Well. The web server is extremely secondary to the system and the current solution, where the web server always yield to more important tasks and simply dies rather than risk corrupting anything important, feels perfect for the Soliton.

Redoing all the core PWM functionality to run in a RT-Linux system so it's guaranteed to never screw up would be a pain. Validating that it actually doesn't, ever, not even if there's a small flaw in, for example, the kernel code would be pretty much impossible for me without hiring people to help. I'd love to hire helpers (in fact, I have a wish list...) but, well, na. It's that annoying thing about money (or lack of) which kinda makes it impossible...

You're simply stuck with me and my tailor made monolithic code!


----------



## ddmcse (Oct 9, 2008)

It is easier to do what should be done already and that is to dump 
Internet Exploder and use a better browser.
I've had the issue with both XP and Win7 IE7 and IE9. It's a forgettable issue you generally don't go into change settings everyday.


----------



## ddmcse (Oct 9, 2008)

save settings to text

displays
Minimum gauge voltage 180V 
Maximum gauge voltage 80V 



on the controller it is set to:
min 80v
max 180v


----------



## hbthink (Dec 21, 2010)

This may be answered elsewhere but can I use a Soliton 1 or Junior with a 340V Battery Pack and then program the controller so my FB4001A only sees a maximum voltage of say 170v DC so its not damaged? What are the issues with using the controller to limit the DC level from a high voltage pack?

Steve
using Soliton Junior with FB4001A


----------



## DIYguy (Sep 18, 2008)

hbthink said:


> This may be answered elsewhere but can I use a Soliton 1 or Junior with a 340V Battery Pack and then program the controller so my FB4001A only sees a maximum voltage of say 170v DC so its not damaged?


Yes, you may.


hbthink said:


> What are the issues with using the controller to limit the DC level from a high voltage pack?


No issues.


----------



## hbthink (Dec 21, 2010)

Ok thats good. Now one other question the pack voltage total is 332.8 volts at 12.8 per module voltage rate. Its float voltage though is 13.8v for a total of 358.8 volts and the fully charged voltage could be even higher at 14.6 per pack or total of 379.6volts. Which voltage should I use for my max calculation and will the Soliton Junior be damaged if float or charge voltage hits it in excess of 330v max rated voltage?

I could also just limit the top end from the charger to keep the charged voltage lower?

Also would the average current be lower with the pack strung at a very high voltage but limited by the controller?

Steve


----------



## Tesseract (Sep 27, 2008)

hbthink said:


> ...will the Soliton Junior be damaged if float or charge voltage hits it in excess of 330v max rated voltage?


Your controller won't be damaged by too high a pack voltage, it will simply refuse to start up.
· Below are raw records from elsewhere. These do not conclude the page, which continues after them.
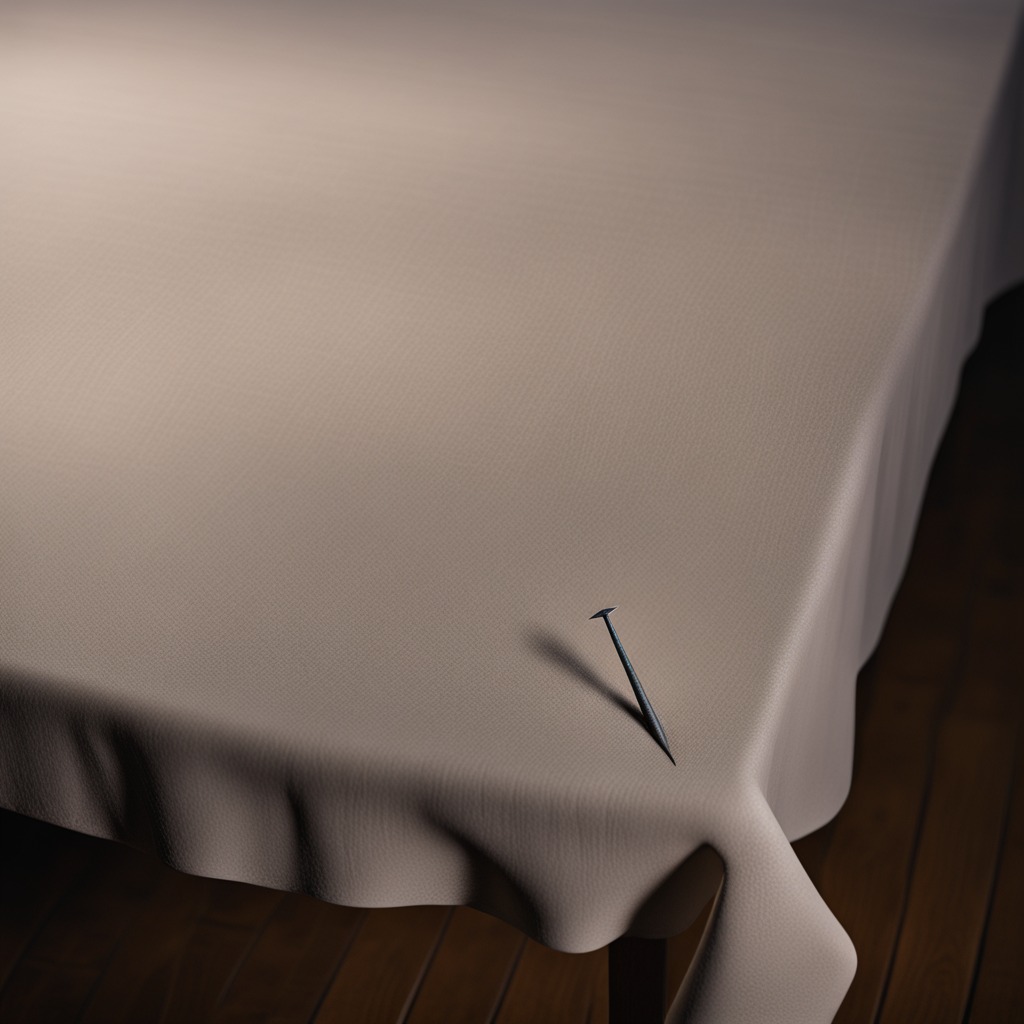
An iron nail is lying on a wooden table in a workshop at night.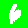
Digit: 6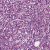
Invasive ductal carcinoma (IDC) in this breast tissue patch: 1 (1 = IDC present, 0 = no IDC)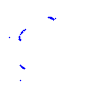
Particle: proton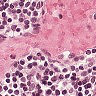
Metastatic tissue present: no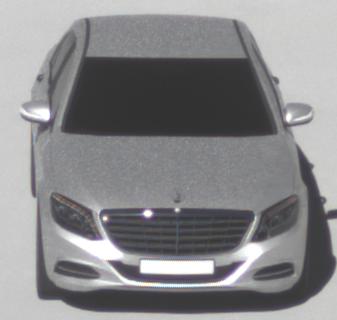
Make: Mercedes-Benz
Model: S 400 HYBRID
Detailed model: S-Class (222) Limousine
Model produced from: 2013/05
Model produced until: 2015/04
Doors: 4
Color: white
Road condition: dry road
Daytime: morning or afternoon
Contrast: high contrast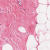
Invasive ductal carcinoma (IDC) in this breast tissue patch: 0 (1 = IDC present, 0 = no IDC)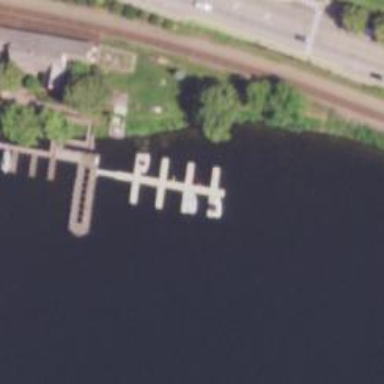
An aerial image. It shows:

The upper limit is 340V for the Soliton1 and Soliton Jr, 425V for the Soliton Shiva.

Sounds like you better remove a battery or cells from your pack...



hbthink said:


> Also would the average current be lower with the pack strung at a very high voltage but limited by the controller?


Err... whut?

The higher the pack voltage, the lower the average current drawn for a given amount of output power since:

VBATTERY * IBATTERY = VMOTOR * IMOTOR 

(minus a volt or two on the motor side in losses)


----------



## ddmcse (Oct 9, 2008)

can someone look at this log and check for errors? 
thanks
DD


----------



## Tesseract (Sep 27, 2008)

ddmcse said:


> can someone look at this log and check for errors?
> thanks
> DD


Evnetics technical support is at the expected email address... (ie, "support" at our domain name (not spelling it out because of spambots)).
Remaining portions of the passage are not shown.